(Edit: Oops. Forgot to come back to this part.) I reject your premise that choice paralysis is unrelated to being creative. It is one possible cause of a creative block. If you're not engaging in a creative process due to choice paralysis, eliminating the choice paralysis can help you be more creative.
Let me give you a specific concrete example from recent personal experience. In last month's One Synth Challenge, we could use any one Full Bucket synth, and I chose to use Bucket Pops specifically because I found its limitations interesting. Even something as elementary as selecting different oscillator shapes and playing them back at different frequencies based on MIDI note values is not available. I had to come up with my own solutions, and build tools to implement them. Sure, I was limited in what I could accomplish with the synth.
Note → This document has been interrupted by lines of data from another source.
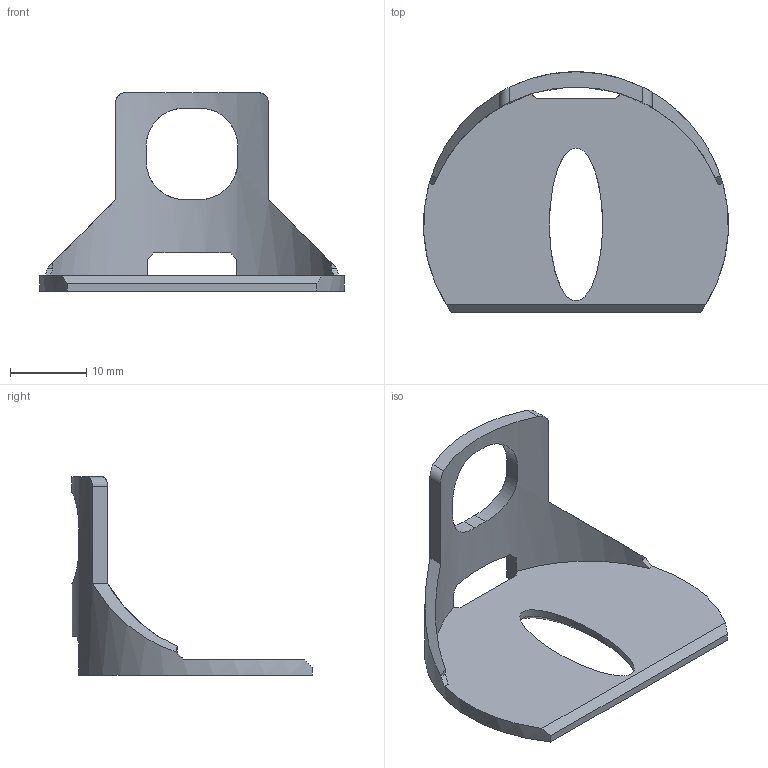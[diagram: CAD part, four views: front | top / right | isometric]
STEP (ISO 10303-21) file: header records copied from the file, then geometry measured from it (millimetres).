
FILE_DESCRIPTION(/* description */ (''),/* implementation_level */ '2;1');
FILE_NAME(/* name */ 'IR_reward_case_03 v3.step',/* time_stamp */ '2018-10-24T12:18:46+02:00',/* author */ ('JeromeBriot'),/* organization */ (''),/* preprocessor_version */ 'ST-DEVELOPER v17.2',/* originating_system */ 'Autodesk Translation Framework v7.6.0.251',/* authorisation */ '');
FILE_SCHEMA (('AUTOMOTIVE_DESIGN { 1 0 10303 214 3 1 1 }'));
Length unit declared in the file: millimetre
Products named in the file (1): IR_reward_case_03
Bounding box: 39.93 x 31.5 x 26 mm (x, y, z)
Volume: 2628.3 mm3; surface area: 3289.3 mm2
Topology: 1 solids, 1 shells, 35 faces, 104 edges, 69 vertices
Faces by surface type: plane 25, cylinder 8, bspline 2
Entity records: 1450 total; most frequent: CARTESIAN_POINT 463, ORIENTED_EDGE 208, DIRECTION 187, EDGE_CURVE 104, VERTEX_POINT 69, AXIS2_PLACEMENT_3D 63, LINE 61, VECTOR 61
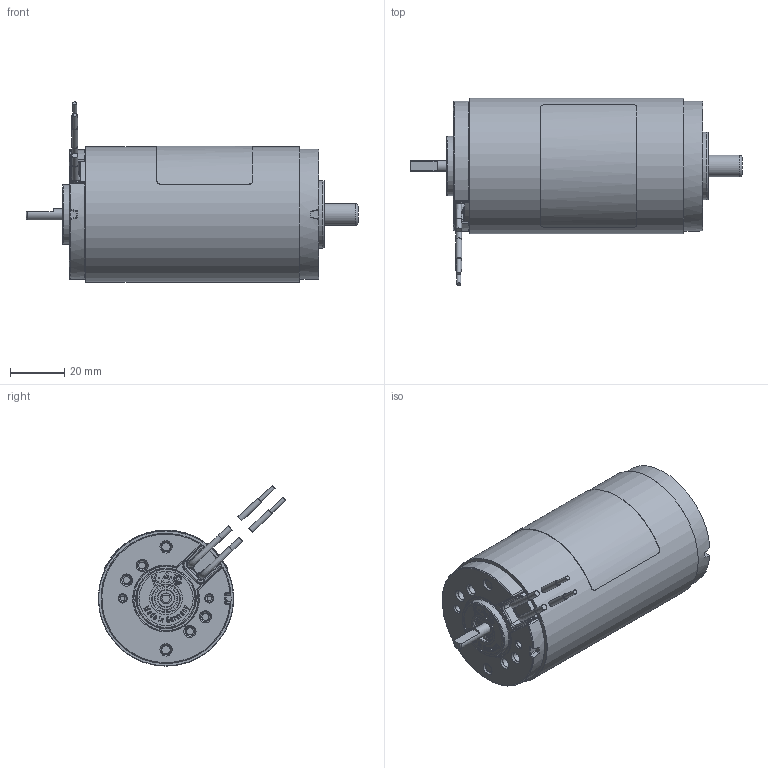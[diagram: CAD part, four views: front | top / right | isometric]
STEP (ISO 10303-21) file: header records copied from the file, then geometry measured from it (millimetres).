
FILE_DESCRIPTION(/* description */ (''),/* implementation_level */ '2;1');
FILE_NAME(/* name */ '225049_000-M50x28_I.stp',/* time_stamp */ '2019-07-24T07:53:17+02:00',/* author */ (''),/* organization */ (''),/* preprocessor_version */ 'ST-DEVELOPER v16.7',/* originating_system */ 'SIEMENS PLM Software NX 12.0',/* authorisation */ '');
FILE_SCHEMA (('AUTOMOTIVE_DESIGN { 1 0 10303 214 3 1 1 1 }'));
Length unit declared in the file: millimetre
Products named in the file (1): Rich1F387A1E4rih
Bounding box: 122.5 x 69.18 x 66.54 mm (x, y, z)
Volume: 73289.2 mm3; surface area: 54375.3 mm2
Topology: 19 solids, 19 shells, 2790 faces, 6914 edges, 4437 vertices
Faces by surface type: plane 1615, cylinder 465, extrusion 297, torus 203, cone 90, bspline 77, sphere 43
Full cylindrical faces by diameter (mm): 1 x2, 1.2 x4, 1.5 x3, 2.15 x2, 2.7 x2, 3 x2, 3.3 x2, 3.4 x2, 3.6 x6, 3.75 x4, 3.9 x2, 4 x9, 4.3 x2, 6 x2, 7 x2, 7.2 x2, 8 x1, 8.05 x2, 8.63 x1, 10 x1, 11.54 x2, 12 x1, 15.083 x1, 16 x1, 16.5 x1, 19 x1, 20 x1, 22 x2, 25 x2, 26.5 x1
Entity records: 91558 total; most frequent: CARTESIAN_POINT 27308, ORIENTED_EDGE 13338, DIRECTION 12180, EDGE_CURVE 6669, VECTOR 4588, VERTEX_POINT 4389, LINE 4291, AXIS2_PLACEMENT_3D 3796

It limited the scope of my creativity. But there was no lack of creative effort within that scope. To the contrary, I found it creatively stimulating and personally satisfying.Of course everyone should use what works best for them but no one can convince me that limitations can do anything but limit creativity. At least no one has forwarded a convincing or cogent argument yet.
Now, given your comments here I'm sure that doesn't align with your experience. That's fine. But I hope you can at least understand it at an intellectual level as an example of how different people can draw creative inspiration from things that may not interest you. By all means, ask questions. Say it doesn't work for you. But maybe refrain from projecting your experience on others by default and proclaiming their experience of ways to bring out their creativity nothing but a myth.